• _What the task requires_:
Print nothing but the lines below starting at the line that holds "main class: Woodland" and ending at the line that holds "longitude: 27.3853", including both, each exactly as written.

• _Data to process_:

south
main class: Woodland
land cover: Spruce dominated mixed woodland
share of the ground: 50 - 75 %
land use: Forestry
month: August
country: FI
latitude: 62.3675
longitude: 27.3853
--
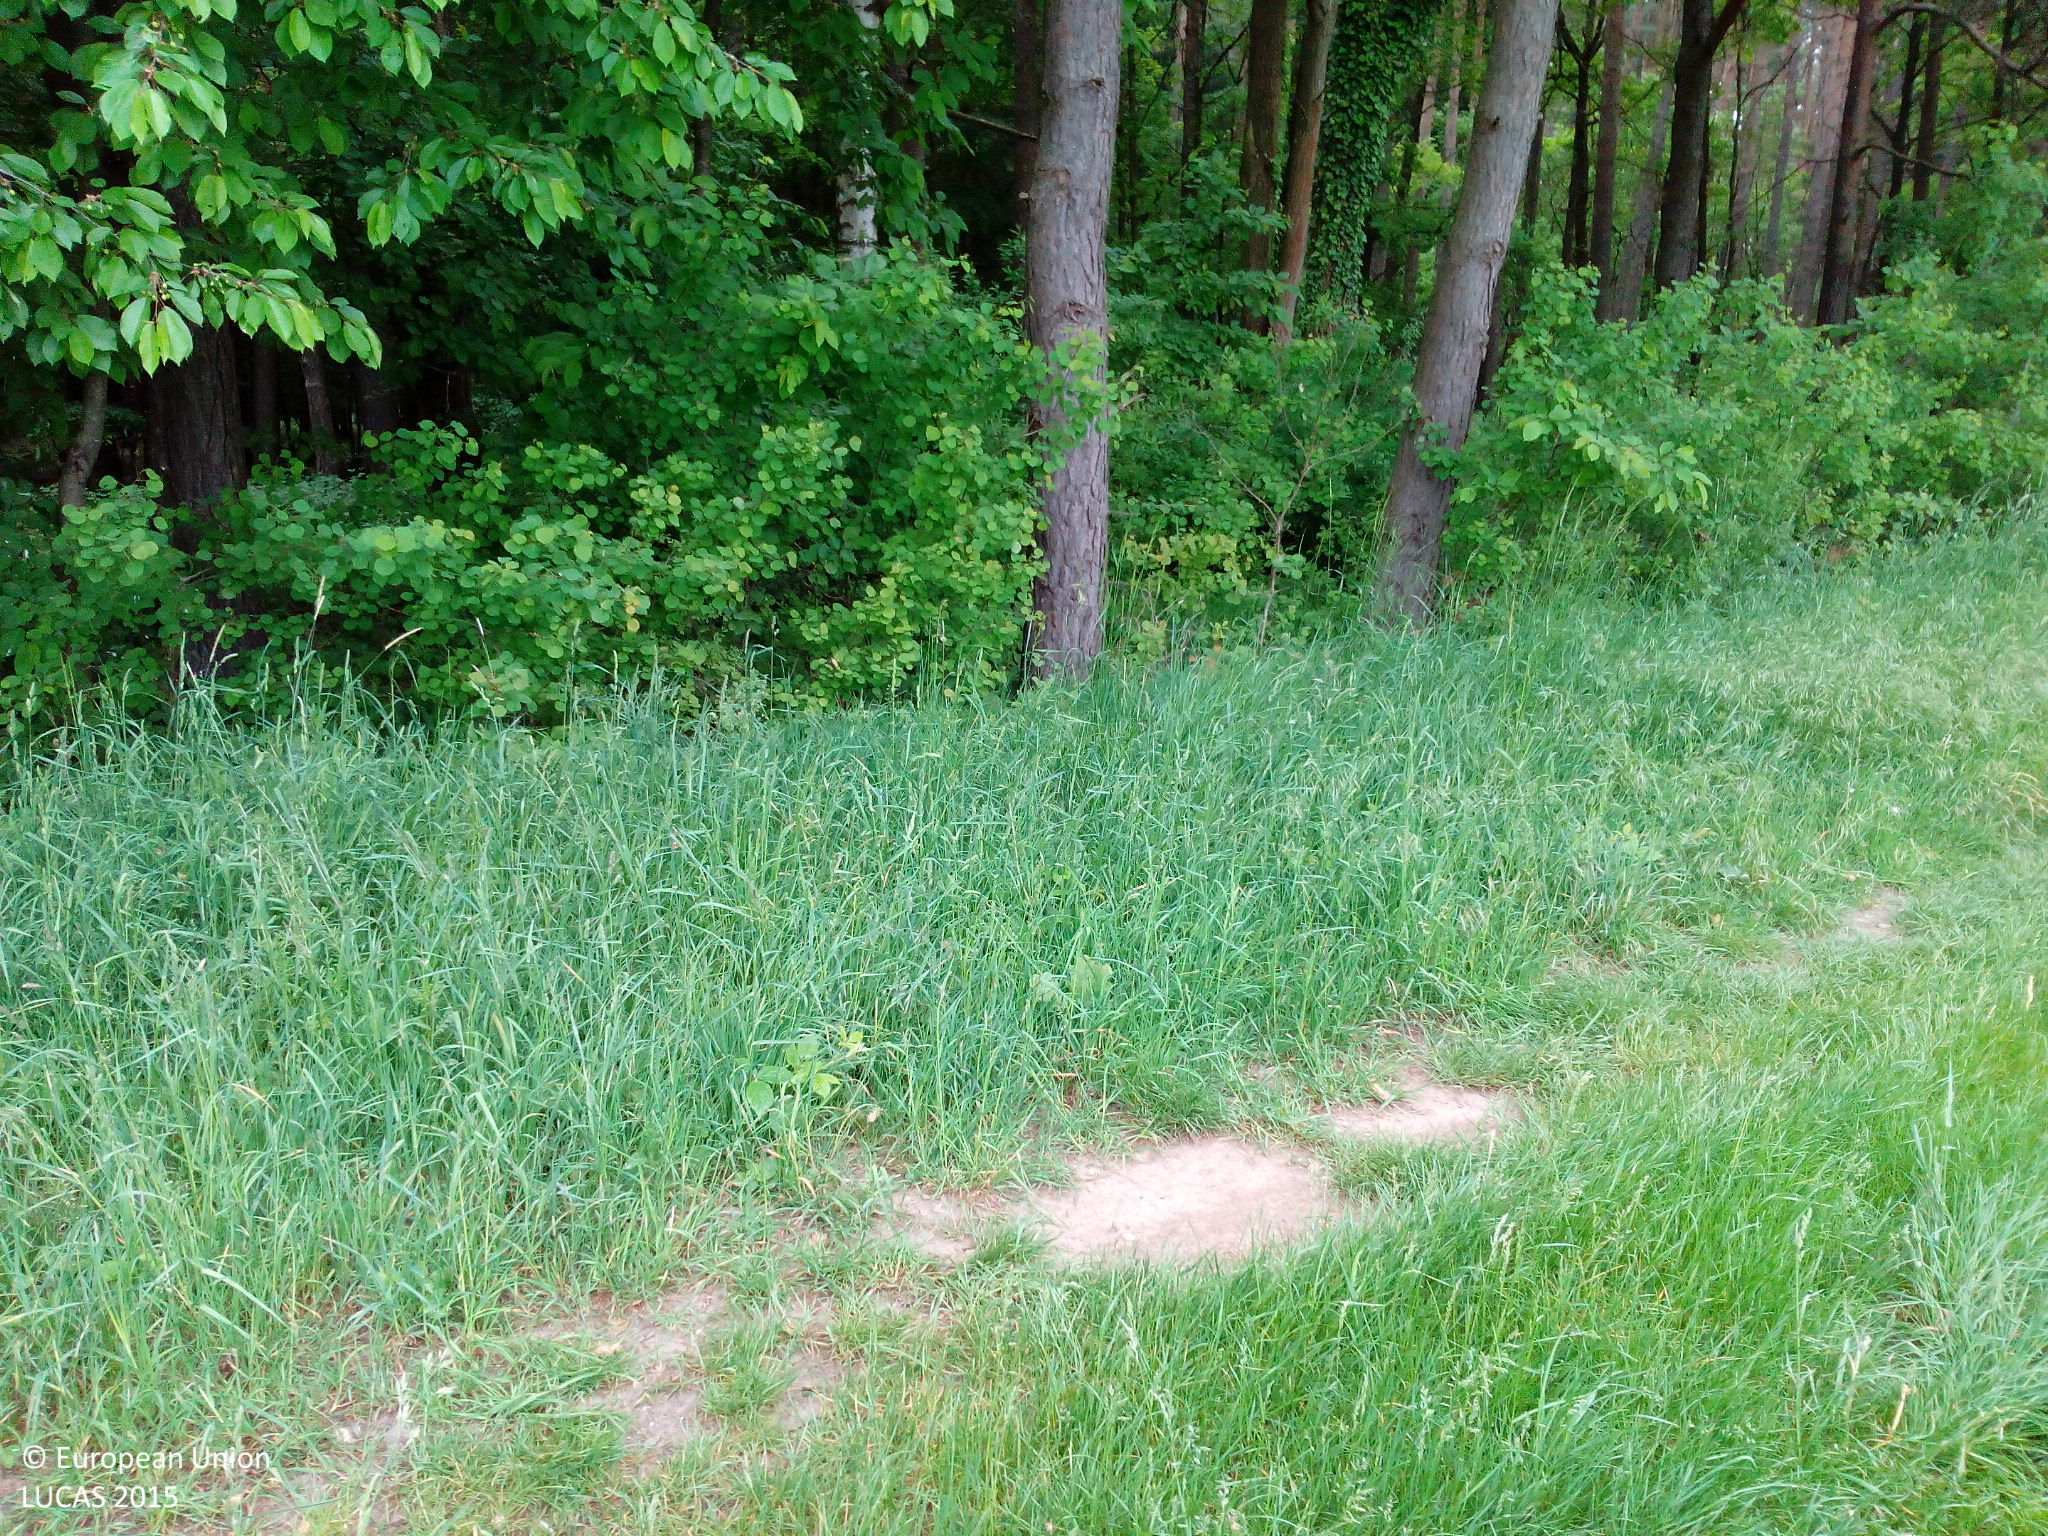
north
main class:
---
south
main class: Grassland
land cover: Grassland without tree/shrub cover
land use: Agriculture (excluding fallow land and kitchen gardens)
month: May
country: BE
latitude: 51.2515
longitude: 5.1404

• _Exercise answer_:
main class: Woodland
land cover: Spruce dominated mixed woodland
share of the ground: 50 - 75 %
land use: Forestry
month: August
country: FI
latitude: 62.3675
longitude: 27.3853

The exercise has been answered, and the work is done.